Memory instructions: With its 2-cycle 16-bit increments and autoincrement for the pointer register HL, SM83 is arguably faster than 6502 for sequential access to arrays, especially those larger than 256 bytes. But for random access, I've mentioned elsewhere how like Intel's 8080, SM83 lacks the 6502's rich indexed addressing modes. Thus random access to a field of a structure, such as the fields of an actor in a game, requires radical reorganization of structures in memory and more preparation in advance based on in which order the fields will be accessed. Later I'll post the workarounds that I discovered.
RAM: Game Boy has more. This tilts some space-time tradeoffs; I'd be interested to read how this plays out in practice.

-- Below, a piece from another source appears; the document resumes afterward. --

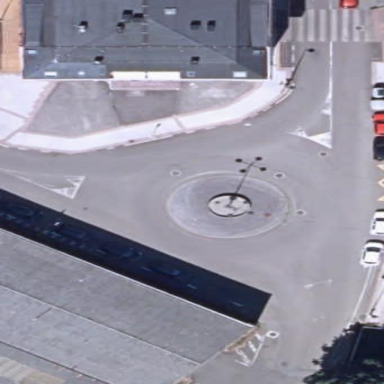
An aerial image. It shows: Asphalt road in residential area leading to roundabout.

C language: Making a game that runs with minor changes between PC and either NES or Game Boy often involves writing the game logic in C and only the I/O (input, audio, graphics) and systems parts of the engine in assembly. ISSOtm has written thoughts about C on Game Boy. Instructions that involve HL and SP allow for a larger hardware stack, reducing some of the soft-stack penalty that cc65 has to pay.
Surrounding chipset
VRAM bandwidth: GB and NTSC NES have almost the same count of cycles per scanline (114 vs. 113.667). NTSC NES has 20.5 lines of vertical blanking (assuming half of prerender is "borrowed") while GB has 10. GB, however, doesn't support extending blanking to add more VRAM update time. An unrolled copy to VRAM without the popslide technique is 6 cycles/byte on GB compared to 8 on NES. But because the GB PPU is faster relative to the CPU (4 dots on GB, 3 on NTSC NES) and narrower (160 dots vs. 256), GB also has the majority of its scanline (at least 64 cycles) open for VRAM reading and writing during horizontal blanking. This makes it practical for a loop to copy 8 bytes to VRAM after each of the 144 scanlines even without the GBC's CHR HDMA feature, or 1152 bytes per screen, so long as you take care about tearing. But nothing beats the bandwidth of having all your tiles in CHR ROM at a slight cost in flexibility, though GBC has banked CHR RAM.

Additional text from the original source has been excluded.